Electrochemically deposition of catechol-chitosan hydrogel coating on coronary stent with robust copper ions immobilization capability and improved interfacial biological activity.

Establishing a facile and versatile strategy to confer coronary stent with improved interfacial biological activity is crucial for novel cardiovascular implants. Developing a coating with NO release ability catalyzed by metal ions, such as copper, will be highly advantageous for the functionalized surface modification of metal stents. However, most available strategies involve drawbacks of low efficiency, complex processes, and toxic chemicals. Therefore, in this study, we report a green and facile electrobiofabrication method to construct the bioactive hydrogel coating by combining chitosan, catechol groups and copper ions on coronary stent and titanium surfaces. Experimental results demonstrated that the chitosan hydrogel coating can be precisely controlled synthesis via electrochemical deposition and serves as a versatile platform for copper ions immobilization.
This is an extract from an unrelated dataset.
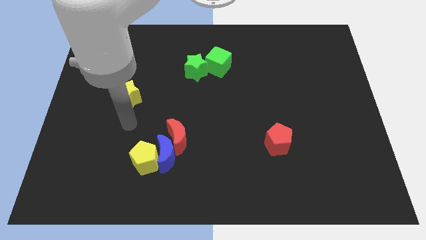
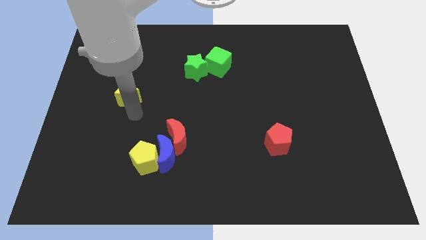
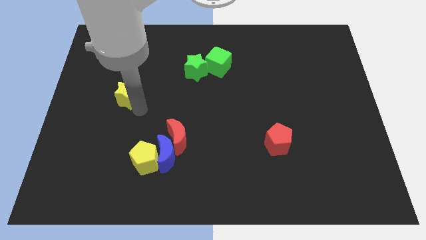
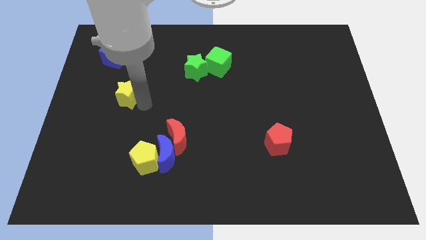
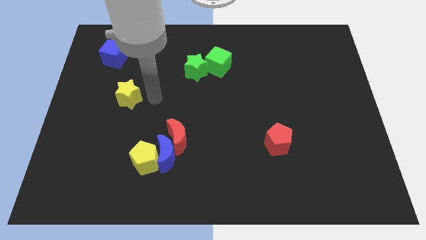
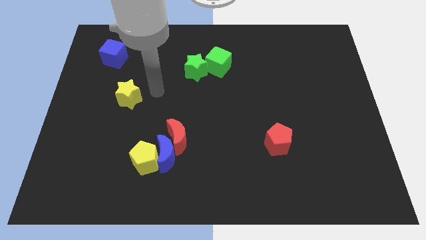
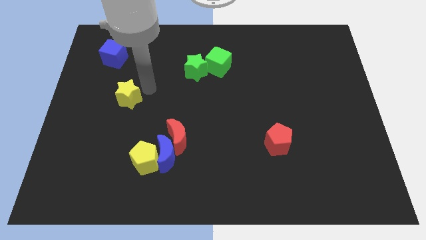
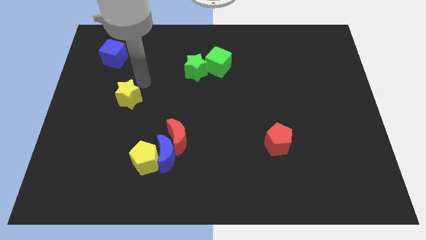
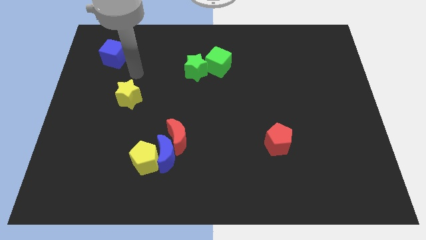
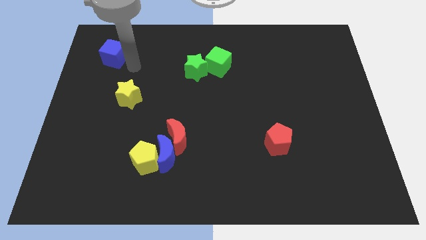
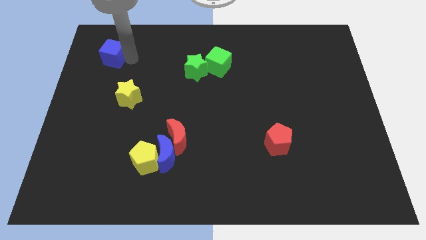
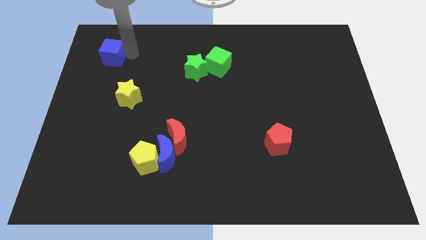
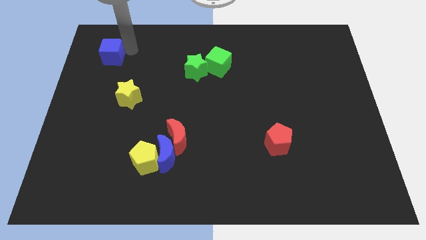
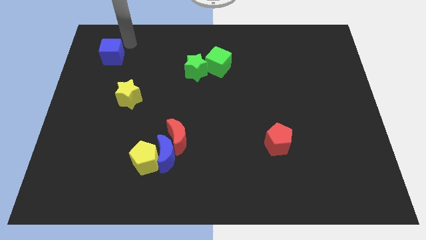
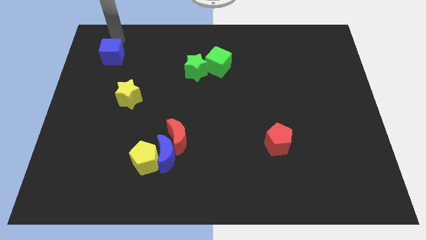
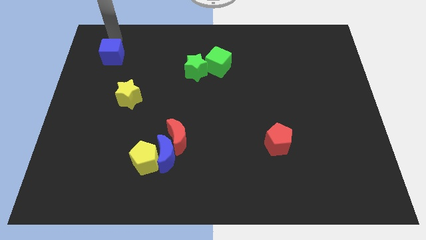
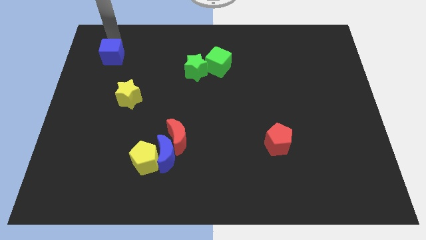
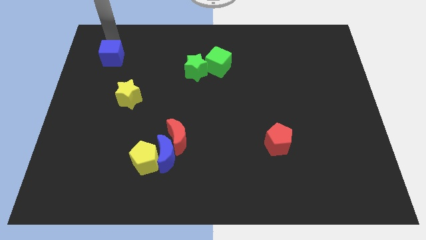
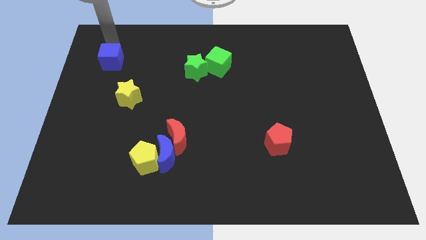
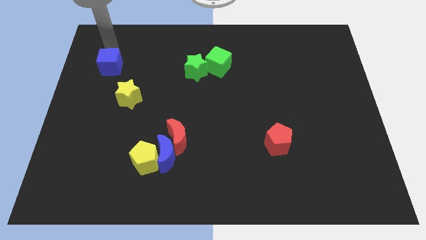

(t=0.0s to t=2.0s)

Additionally, mussel-inspired catechol groups could be chemically grafted on chitosan chains to further enhance the film mechanical properties and binding abilities of copper ions. Moreover, in vitro cell biocompatibility and catalyzed NO-generation activity have also been accessed and which suggesting great possibilities for biomedical applications. Therefore, by coupling the electrobiofabrication approach and multi-functionalities of the hybrid film, this report would advance the development of biomimetic hydrogel coating for vascular engineering (e.g., coronary stent) and other biomedical devices.